The next day brought the play-off, to be decided over 18 holes. The weather was still poor. Francis had gone to bed at 9.30 the evening before and risen at 8am. After a light breakfast he walked over to the Country Club and hit some balls towards young Eddie. A short while later he, Vardon and Ray drew straws to determine who would have the honour. Francis drew the longest and hit a nervous but straight tee shot down the 430 yard par 4. In the conditions only Ted Ray stood the chance of getting to the green in 2, but pushed his ball into mounds on the right and had to be satisfied with a 5 after a poor chip. Vardon also made 5 and Francis had a short putt to do the same. When it hit the bottom of the cup he said later that he lost all sense of “awe and excitement”.
And this is borne out by the contemporary reporting of the contest. Francis Ouimet remained calm and focused, while his professional opponents wrestled with the demons of intense competition in difficult conditions. By the 15th Ray was fading, even though he had the good fortune to see his ball hit a spectator’s derby hat and ricochet away from the rough towards which it was heading. But instead of capitalising on this slice of luck he found a bunker with his second shot, took 2 to get out, and made 6. Vardon and Ouimet made par 4’s, leaving Vardon 1 shot behind Ouimet with Ray 4 shots adrift. On this hole, Vardon, who normally never smoked on the golf course, lit a cigarette.

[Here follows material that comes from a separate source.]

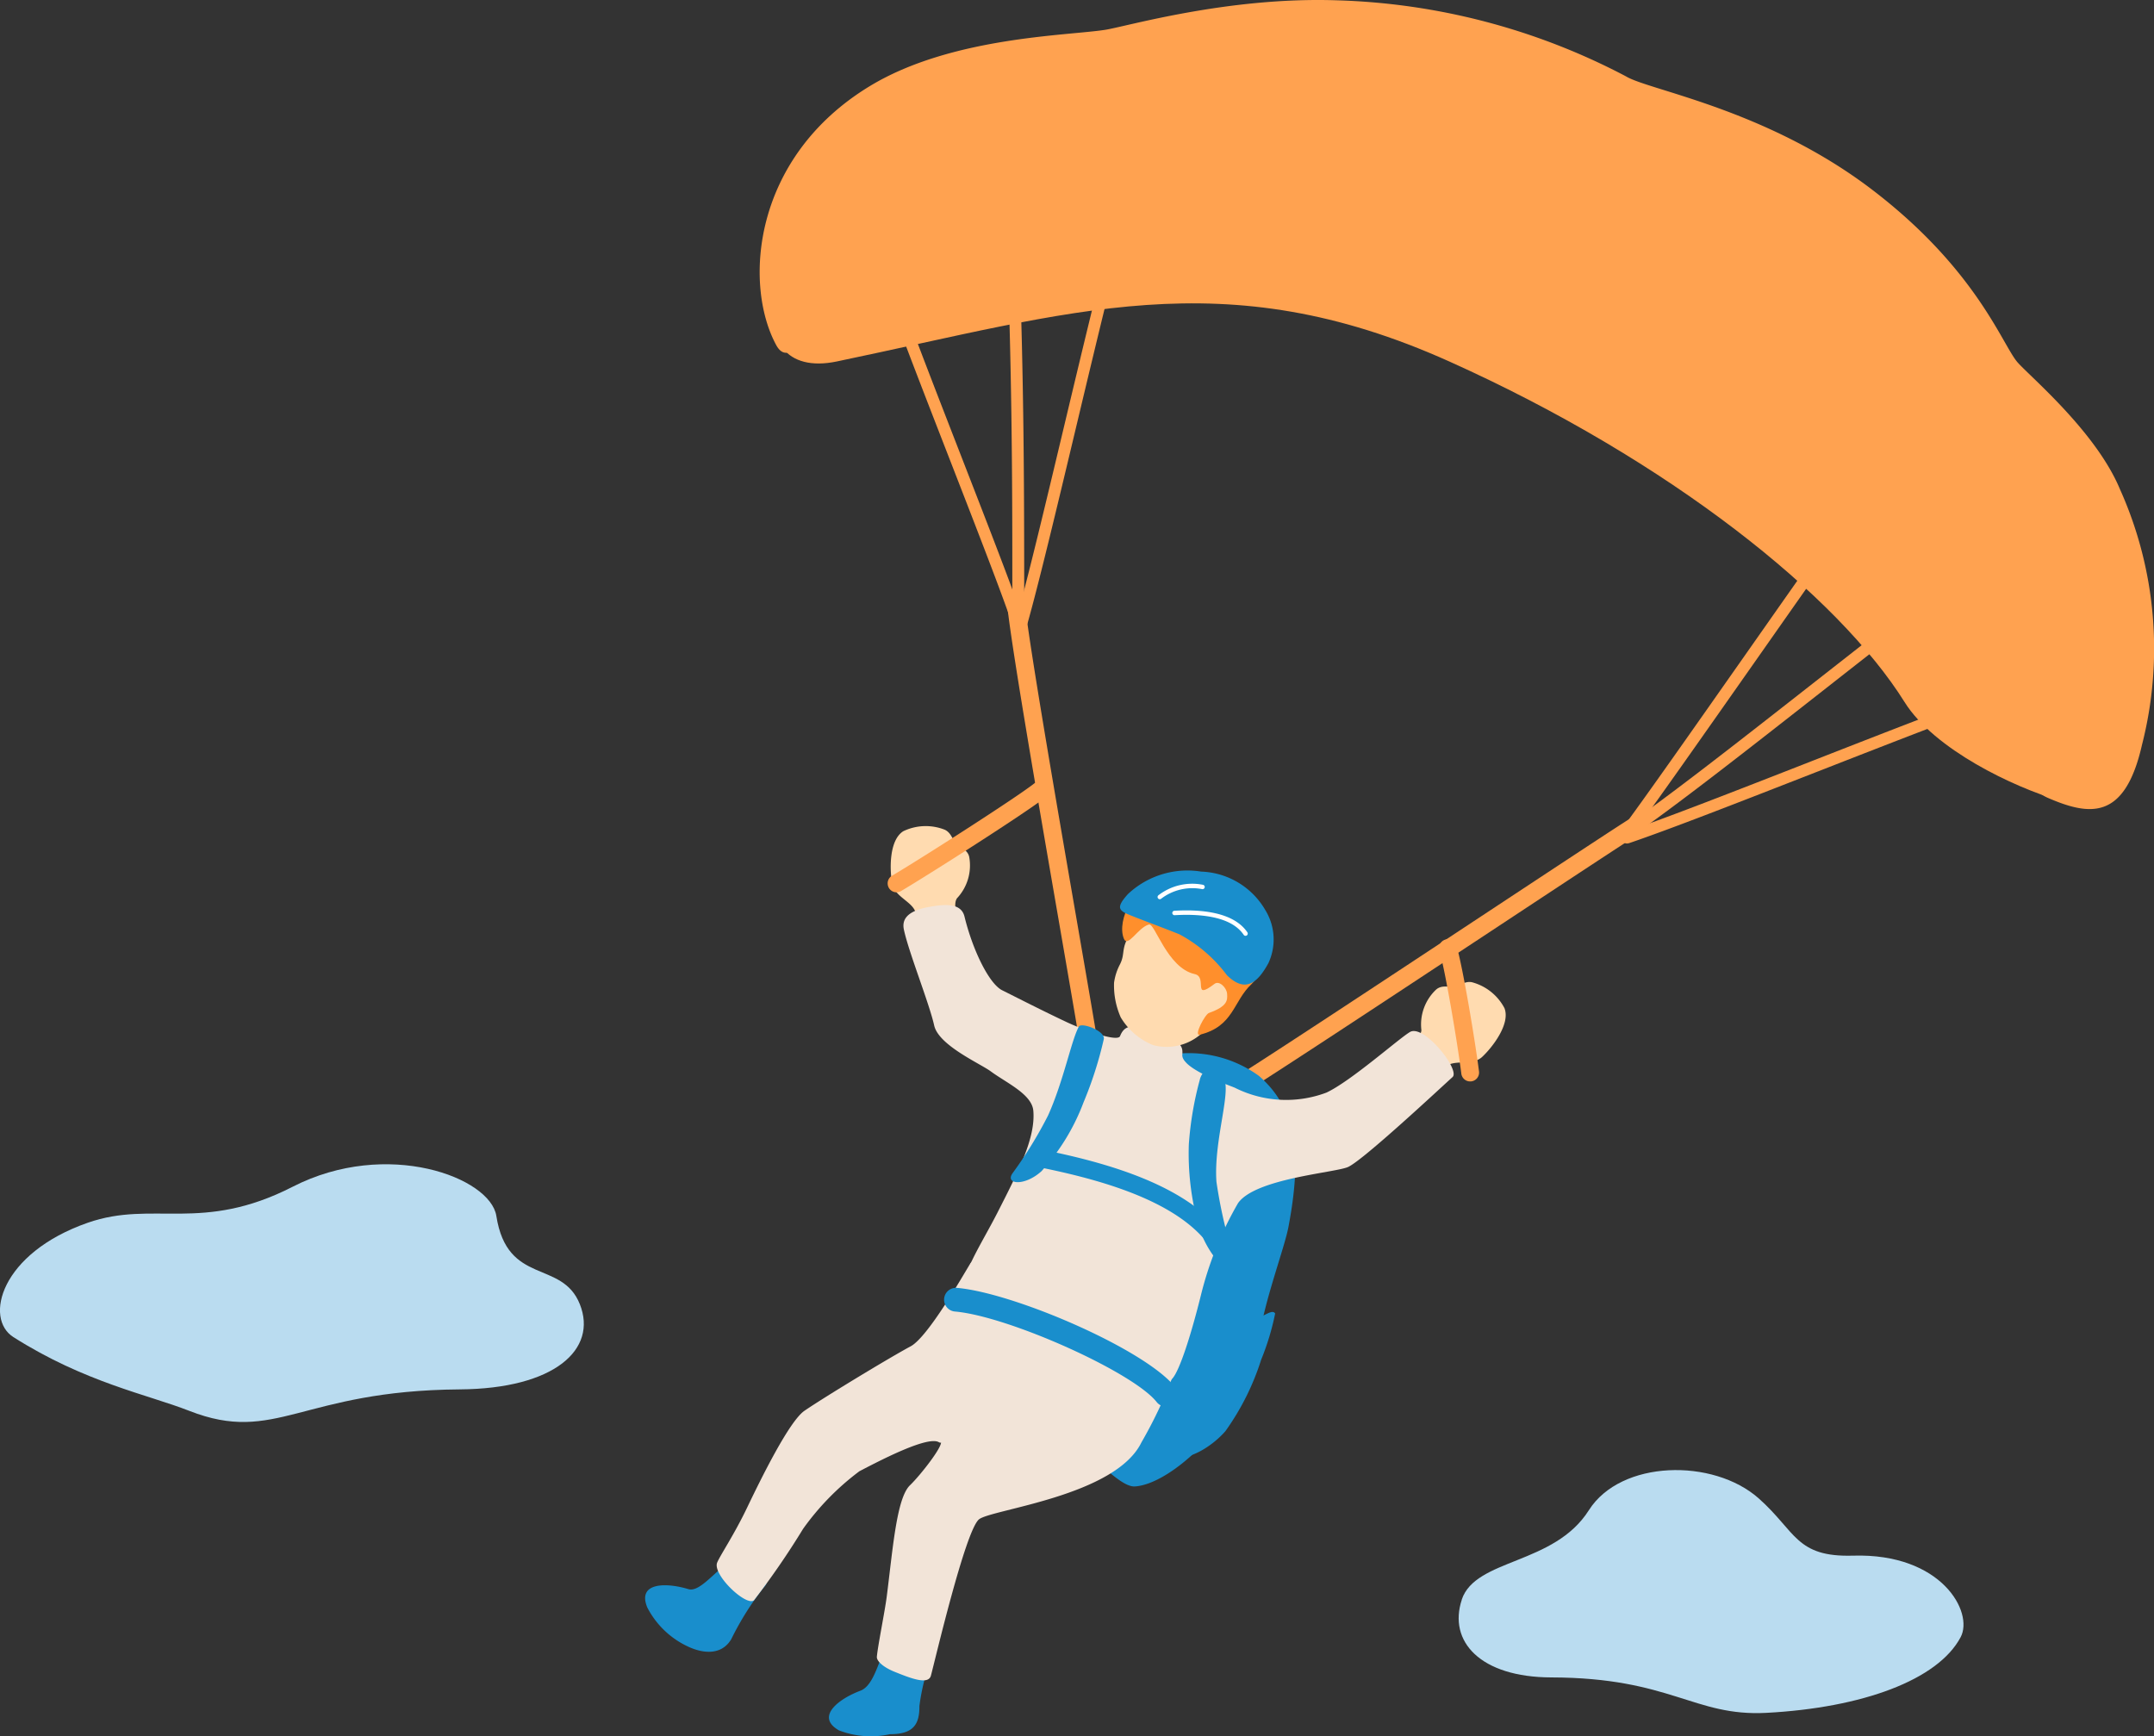 <svg xmlns="http://www.w3.org/2000/svg" xmlns:xlink="http://www.w3.org/1999/xlink" width="116.275" height="93.732" viewBox="0 0 116.275 93.732"><rect x="0" y="0" width="116.275" height="93.732" fill="#333333" stroke="none"/><defs><clipPath id="a"><rect width="116.275" height="93.732" fill="none"/></clipPath></defs><g clip-path="url(#a)"><path d="M97.733,105.325c-.751,2.252.992,4.193,4.838,4.2,6.455.017,7.693,2.119,11.6,1.913,5.177-.273,9.263-1.771,10.489-4.087.713-1.345-1.023-4.545-5.812-4.4-3.088.09-3.071-1.3-5.086-3.088-2.452-2.179-7.446-2.089-9.172.636-1.881,2.969-6.116,2.592-6.862,4.827" transform="translate(-18.822 -18.97)" fill="#badcf0"/><path d="M31.3,85.43c.971,2.442-1.368,4.563-6.479,4.6-8.579.061-9.929,2.988-14.6,1.16-2.249-.881-5.645-1.536-9.5-3.984C-.861,86.2.018,82.68,4.742,81.032c3.539-1.234,6.139.575,11.059-1.943,5.1-2.61,10.668-.5,10.992,1.577.591,3.782,3.541,2.34,4.506,4.764" transform="translate(0 -15.024)" fill="#badcf0"/><path d="M71.862,65.068a.48.48,0,0,1-.475-.415c-.1-.726-.579-3.489-1.183-6.987-1.177-6.806-2.788-16.128-2.867-17.692a.481.481,0,1,1,.96-.048c.076,1.506,1.681,10.795,2.854,17.576.606,3.507,1.085,6.277,1.188,7.019a.482.482,0,0,1-.477.546" transform="translate(-12.991 -7.615)" fill="#ffa250"/><path d="M82.032,69.968a.481.481,0,0,1-.239-.9c1.089-.622,8.188-5.308,13.892-9.073,4.013-2.648,7.478-4.935,8.185-5.37a.481.481,0,1,1,.5.818c-.694.428-4.154,2.711-8.16,5.355-6.014,3.968-12.83,8.467-13.945,9.1a.473.473,0,0,1-.238.064" transform="translate(-15.733 -10.525)" fill="#ffa250"/><path d="M66.606,87.271c-.352.81,1.085,1.848,2.586,2.785C71.026,91.2,73.116,93.9,74.1,93.835c2.171-.133,6.222-4.15,6.712-7.978.253-1.968,1.361-4.876,1.578-6.023.712-3.761.51-6.342-1.584-8.156a6.439,6.439,0,0,0-5.1-1.1c-.985.274-7.769,13.645-9.095,16.7" transform="translate(-12.84 -13.59)" fill="#198ecc"/><path d="M83.964,87.708c-.247-.352-1.014.7-1.7.1s-.73-1.039-1.082-.324-1.872,4-2.236,5.124-.772,2.6-.24,2.811,1.773-.434,2.574-1.348a13.7,13.7,0,0,0,1.933-3.861,13.712,13.712,0,0,0,.756-2.5" transform="translate(-15.134 -16.807)" fill="#198ecc"/><path d="M59.406,110.041c-.61-.05-.851-.5-1.1.536-.335.88-.613,1.691-1.168,1.9-1.149.43-2.449,1.4-1.154,2.138a4.762,4.762,0,0,0,2.753.207c1.259,0,1.6-.519,1.591-1.525a11.5,11.5,0,0,1,.621-2.52c.147-.546-.386-.64-1.542-.734" transform="translate(-10.697 -21.202)" fill="#198ecc"/><path d="M48.674,104.2c-.454-.411-.587-.115-1.1.266-.759.556-1.524,1.561-2.09,1.387-1.173-.358-2.786-.385-2.217.994a4.7,4.7,0,0,0,2.1,2.06c.928.464,1.918.512,2.432-.354a15.581,15.581,0,0,1,1.767-2.807c.4-.4-.023-.768-.884-1.547" transform="translate(-8.324 -20.064)" fill="#198ecc"/><path d="M59.577,10.427c10.211-3.978,27.052-2.918,35.937.928,8.33,3.606,24.135,16.974,28.113,29.705,1.094,3.5.338,4.506-2.519,3.668-2.39-.7-6.7-2.727-8.31-5.3-3.562-5.7-12.642-13.026-24.577-18.388-12.2-5.482-20.333-2.652-33.064,0-5.539,1.154-4.436-7.158,4.42-10.609" transform="translate(-9.987 -1.526)" fill="#ffa250"/><path d="M55.655,95.692c1.392-.73,3.708-1.9,4.277-1.558.332.2.871-.889,1.027-.5.279.7,6.316-6.252,4.509-6.7-1.637-.4-3.36-3.238-3.846-2.442-.42.686-2.287,3.967-3.216,4.464-1.122.6-4.674,2.752-5.735,3.481-.815.561-2.32,3.614-3.083,5.206-.7,1.468-1.459,2.586-1.625,2.984-.274.657,1.592,2.408,1.989,2.033A43.007,43.007,0,0,0,52.6,98.808a14.09,14.09,0,0,1,3.05-3.116" transform="translate(-9.248 -16.275)" fill="#f2e4d8"/><path d="M73.237,89.243c-1.738-.569-6.5-2.751-7.294-1.491-1.324,2.1-4.181,6.547-3.846,6.912.182.2-1.1,1.836-1.658,2.37-.73.7-.928,3.448-1.26,6.034-.1.776-.485,2.677-.53,3.227-.019.224.333.556.928.8.85.343,1.846.747,1.989.221.218-.8,1.864-7.858,2.6-8.442.685-.542,7.355-1.249,8.767-4.156a23.945,23.945,0,0,0,1.625-3.4c.313-1.454-.537-1.808-1.326-2.066" transform="translate(-11.315 -16.855)" fill="#f2e4d8"/><path d="M76.02,68a2.436,2.436,0,0,0,1.628.337c-.759,2.275,2.094,2.573,1.178,4.336-.63,1.657-2.057,2.59-3.255,2.27a3.313,3.313,0,0,1-2.393-3.525c.266-1.282,3.3-1.955,2.843-3.419" transform="translate(-14.116 -13.119)" fill="#ffdbb0"/><path d="M60.932,60c-.083-.637-1.14-.893-1.279-1.64s-.173-2.338.6-2.826a2.794,2.794,0,0,1,2.24-.08c.379.174.446.638.622.777.21.165.629.312.7.708a2.586,2.586,0,0,1-.663,2.215c-.348.5.369,1.976.73,2.812.641,1.484-1.488,3.092-2.211,1.2A14.355,14.355,0,0,1,60.932,60" transform="translate(-11.493 -10.661)" fill="#ffdbb0"/><path d="M95.641,70.285c.446-.462,1.448-.04,2-.559s1.529-1.778,1.2-2.627a2.787,2.787,0,0,0-1.755-1.4c-.408-.086-.737.248-.962.255-.268.009-.692-.123-.985.153a2.585,2.585,0,0,0-.783,2.176c-.02.612-1.471,1.37-2.257,1.828-1.4.813-.64,3.371,1.064,2.28a14.382,14.382,0,0,0,2.476-2.111" transform="translate(-17.628 -12.673)" fill="#ffdbb0"/><path d="M63.9,81.581c-.722-.574.642-2.558,1.592-4.42,1.149-2.254,2.077-4.067,1.945-5.525-.082-.892-1.459-1.5-2.3-2.122-.574-.422-2.81-1.4-3.051-2.475-.265-1.194-1.37-3.935-1.635-5.172-.113-.527.132-1.017,1.415-1.238.785-.136,1.674-.218,1.856.53.442,1.813,1.326,3.625,2.033,3.979.784.391,2.166,1.1,3.492,1.724.976.455,2.745,1.081,2.873.751.31-.8.977-.528,2.122-.133,1.282.442,1.261.773,1.238,1.149-.044.708,2.222,1.529,2.829,1.768a6.17,6.17,0,0,0,4.951.266c1.326-.619,3.9-2.913,4.509-3.271.751-.442,2.725,2.046,2.3,2.431-.664.6-4.884,4.544-5.658,4.863-.751.309-4.995.619-5.923,1.945A19.027,19.027,0,0,0,76.5,81.537c-.5,2.032-1.167,4.2-1.591,4.6-2.09,1.966-9.279-3.177-11.007-4.553" transform="translate(-11.658 -11.679)" fill="#f2e4d8"/><path d="M79.381,67.34a2.827,2.827,0,0,1-2.763.767,3.616,3.616,0,0,1-1.744-1.493,4.247,4.247,0,0,1-.363-1.877,2.977,2.977,0,0,1,.311-.974c.374-.727-.1-.9.971-2.241.325-.409.841-1.365,2.838-.733,1.755.555,4.612,4.184.751,6.552" transform="translate(-14.373 -11.687)" fill="#ffdbb0"/><path d="M76.487,61.277c-.589.174-1.134,1.278-1.342.755-.4-1.006.613-2.953,1.734-2.844,1.151.113.407-.63,2.725-.077,1.691.4,3.933,3.982,2.434,5.378-.991.925-.958,2.286-2.795,2.734-.343.083.289-1.112.5-1.176,1.014-.361,1-.693.977-1.032s-.427-.73-.676-.54c-1.24.948-.354-.369-1.071-.525-1.5-.327-2.165-2.822-2.481-2.673" transform="translate(-14.48 -11.364)" fill="#ff8f2c"/><path d="M82.916,63.242c-.58,1.052-1.236,1.616-2.229.646a7.8,7.8,0,0,0-2.565-2.212c-1.214-.487-2.583-.977-2.933-1.153-.408-.207-.371-.438.149-1.019a4.688,4.688,0,0,1,3.955-1.215,4.171,4.171,0,0,1,3.466,2.084,3.026,3.026,0,0,1,.157,2.87" transform="translate(-14.452 -11.236)" fill="#198ecc"/><path d="M82.35,62.269a.12.12,0,0,1-.086-.052c-.688-1.021-2.408-1.14-3.729-1.061a.121.121,0,0,1-.126-.112.119.119,0,0,1,.112-.127c1.383-.083,3.19.052,3.941,1.165a.121.121,0,0,1-.032.166.12.12,0,0,1-.08.019" transform="translate(-15.127 -11.749)" fill="#fff"/><path d="M77.53,59.945a.119.119,0,0,1-.056-.215,2.98,2.98,0,0,1,2.408-.561.119.119,0,0,1-.064.23,2.771,2.771,0,0,0-2.206.525.118.118,0,0,1-.082.022" transform="translate(-14.937 -11.402)" fill="#fff"/><path d="M66.273,37.328a.321.321,0,0,1-.3-.22c-.542-1.624-1.878-5.06-3.292-8.7-1.566-4.026-3.186-8.191-4.048-10.706a.32.32,0,0,1,.606-.207c.859,2.5,2.476,6.66,4.039,10.681,1.417,3.646,2.756,7.089,3.3,8.728a.32.32,0,0,1-.2.405.324.324,0,0,1-.1.017" transform="translate(-11.308 -3.334)" fill="#ffa250"/><path d="M67.936,36.577a.32.32,0,0,1-.32-.32q0-1.126,0-2.411c0-5.094-.011-12.072-.381-20.124a.32.32,0,0,1,.305-.335.325.325,0,0,1,.335.306c.37,8.067.378,15.053.382,20.153q0,1.282,0,2.409a.32.32,0,0,1-.32.321Z" transform="translate(-12.97 -2.583)" fill="#ffa250"/><path d="M68.267,36.077a.324.324,0,0,1-.087-.012.321.321,0,0,1-.222-.4c.626-2.229,1.564-6.159,2.556-10.318,1.133-4.75,2.418-10.134,3.431-13.769a.32.32,0,1,1,.617.172c-1.009,3.623-2.292,9-3.424,13.746-.994,4.165-1.933,8.1-2.562,10.343a.321.321,0,0,1-.308.234" transform="translate(-13.108 -2.189)" fill="#ffa250"/><path d="M108.687,50.909a.32.32,0,0,1-.255-.513c1.057-1.4,3.944-5.516,7-9.872,3.169-4.516,6.445-9.187,7.994-11.274a.32.32,0,1,1,.514.382c-1.543,2.081-4.817,6.747-7.984,11.26-3.06,4.361-5.95,8.481-7.014,9.89a.319.319,0,0,1-.256.128" transform="translate(-20.907 -5.618)" fill="#ffa250"/><path d="M108.688,52.336a.32.32,0,0,1-.182-.584c2.511-1.737,6.189-4.621,10.448-7.959,3.041-2.383,6.185-4.848,9.31-7.214a.321.321,0,1,1,.387.511c-3.122,2.362-6.264,4.826-9.3,7.207-4.267,3.345-7.952,6.234-10.479,7.981a.319.319,0,0,1-.182.057" transform="translate(-20.907 -7.044)" fill="#ffa250"/><path d="M108.756,54.153a.32.32,0,0,1-.1-.624c2.189-.746,5.981-2.227,10-3.8,4.6-1.8,9.815-3.833,13.389-5.058a.32.32,0,1,1,.207.606c-3.561,1.221-8.768,3.255-13.363,5.049-4.022,1.571-7.821,3.055-10.023,3.805a.33.33,0,0,1-.1.017" transform="translate(-20.92 -8.616)" fill="#ffa250"/><path d="M56.74,4.658c4.409-2.685,10.724-2.729,12.731-3.05,1.19-.191,6.609-1.784,12.465-1.592A35.675,35.675,0,0,1,97.583,4.127c1.238.751,7.561,1.757,13.261,6.1,5.57,4.244,7,8.258,7.825,9.283.53.663,4.243,3.713,5.57,6.9A20.97,20.97,0,0,1,125.431,40.2c-.928,4.111-2.829,3.846-5.083,2.873-1.636-.705-1.724-3.227-3.139-7.913-1.943-6.434-14.864-17.27-24.931-21.881C80.7,7.973,61.69,10.051,55.237,15.443c-.955.8-2.6,4.909-3.537,3.182C49.932,15.355,50.406,8.515,56.74,4.658" transform="translate(-9.802 0)" fill="#ffa250"/><path d="M75.126,92.555a.641.641,0,0,1-.5-.245c-1.264-1.608-7.968-4.622-10.87-4.886a.641.641,0,1,1,.115-1.276c3.087.28,10.156,3.326,11.762,5.369a.641.641,0,0,1-.108.9.633.633,0,0,1-.4.137" transform="translate(-12.187 -16.62)" fill="#198ecc"/><path d="M78.706,81.942a.479.479,0,0,1-.368-.171c-1.941-2.305-6.1-3.357-9.054-3.949a.481.481,0,0,1,.189-.943c3.1.62,7.465,1.737,9.6,4.273a.481.481,0,0,1-.367.79" transform="translate(-13.292 -14.83)" fill="#198ecc"/><path d="M80.111,72.07a17.98,17.98,0,0,0-.6,3.514,14.515,14.515,0,0,0,.53,4.409,5.44,5.44,0,0,0,1.491,2.387c.425.17.556-.186.332-.928a26.064,26.064,0,0,1-.862-3.846c-.165-2.3.9-5.1.332-5.669-.472-.468-.994-.6-1.227.132" transform="translate(-15.337 -13.805)" fill="#198ecc"/><path d="M72.627,69.326a20.669,20.669,0,0,1-1.094,3.415,11.57,11.57,0,0,1-2.27,3.718c-.929.84-2.012.71-1.547.089a22.673,22.673,0,0,0,1.9-3.094c.839-1.856,1.269-4.107,1.668-4.807.133-.232,1.426.232,1.343.68" transform="translate(-13.042 -13.232)" fill="#198ecc"/><path d="M59.85,58.251a.481.481,0,0,1-.245-.894c1.526-.9,6.746-4.237,7.7-5a.481.481,0,0,1,.6.751c-1.058.846-6.409,4.248-7.814,5.077a.479.479,0,0,1-.244.067" transform="translate(-11.454 -10.08)" fill="#ffa250"/><path d="M97.93,70.506a.48.48,0,0,1-.476-.421c-.21-1.672-.871-5.575-1.178-6.62a.481.481,0,1,1,.922-.271c.345,1.171,1.014,5.207,1.21,6.773a.48.48,0,0,1-.417.536.51.51,0,0,1-.061,0" transform="translate(-18.57 -12.125)" fill="#ffa250"/></g></svg>

On 17 Vardon hooked his drive into a trap and had to play out on to the fairway. His third hit the green. Ouimet took out his mashie and hit his second to 18 feet. Vardon 2 putted. Ouimet rolled his ball into the hole.
So, walking on to the last tee the young pretender held a 3 shot lead. His drive was straight. His second landed on the green. His first putt was weak and left the ball 4 feet short. Even so, 20 year old Francis Ouimet was on the brink of a remarkable victory and only now did he submit to the occasion. He began to shiver. He hesitated within the eerie silence of several thousand people enraptured by history in the making. Francis made his stroke. His ball disappeared into the hole. And the silence came to a tumultuous end.
Francis Ouimet’s US Open victory changed golf. He had taken on the British greats and won, but, more importantly, he had demonstrated to Americans that the game was not the sole province of the elite. Against the social odds of the time he became a great player and a champion who inspired millions to pick up a golf club and the creation of many public courses. The images of this 20 year old striding down fairways with a boy half his age carrying his clubs are the stuff of sporting legend, and a welcome reminder that, sometimes, dreams do come true.